Luxury retail group Saks Global has received court approval to access $500 million from its broader $1.75 billion debtor-in-possession (DIP) financing package, providing immediate liquidity as the company works through its Chapter 11 restructuring.
The funding approval followed Saks Global’s Chapter 11 bankruptcy filing in mid-January 2026 at the U.S. Bankruptcy Court for the Southern District of Texas. The filing came after mounting debt pressures linked to its acquisition and consolidation of Saks Fifth Avenue, Neiman Marcus, and Bergdorf Goodman under one corporate structure.
According to court filings, the retailer had been approaching a near-total cash shortfall before securing the financing.
What the $500 Million Is For
WATCH: High-end department store conglomerate Saks Global filed for bankruptcy protection in one of the largest retail collapses since the pandemic, a year after a deal that brought Saks Fifth Avenue, Bergdorf Goodman and Neiman Marcus under the same roof https://t.co/gdd8pCAqRN pic.twitter.com/G4oC4pXU9z
— Reuters Business (@ReutersBiz) January 14, 2026
The approved $500 million represents an initial tranche of the larger financing arrangement, which totals approximately $1.75 billion. The facility includes contributions from senior secured bondholders and asset-based lenders and is designed to keep the business operating throughout the bankruptcy process.

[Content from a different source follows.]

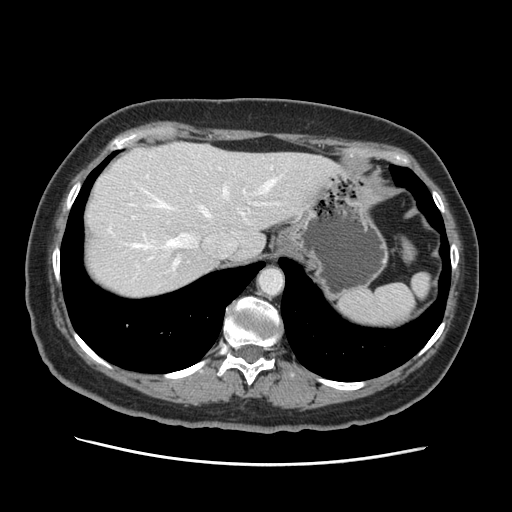

CT. Image size 512x512. Upper abdomen. Annotated regions:
• spleen: (left=338, top=273, right=432, bottom=328)

Saks Global has stated that the funds will be used primarily for ongoing operational expenses, including payments tied to new merchandise deliveries. These payments, often referred to in restructuring cases as “go-forward” obligations, apply only to goods supplied after the bankruptcy filing.
This distinction matters. Vendors supplying new inventory under Chapter 11 protection are legally entitled to payment under approved terms, which helps reduce the risk for brand partners continuing to ship products during the restructuring period.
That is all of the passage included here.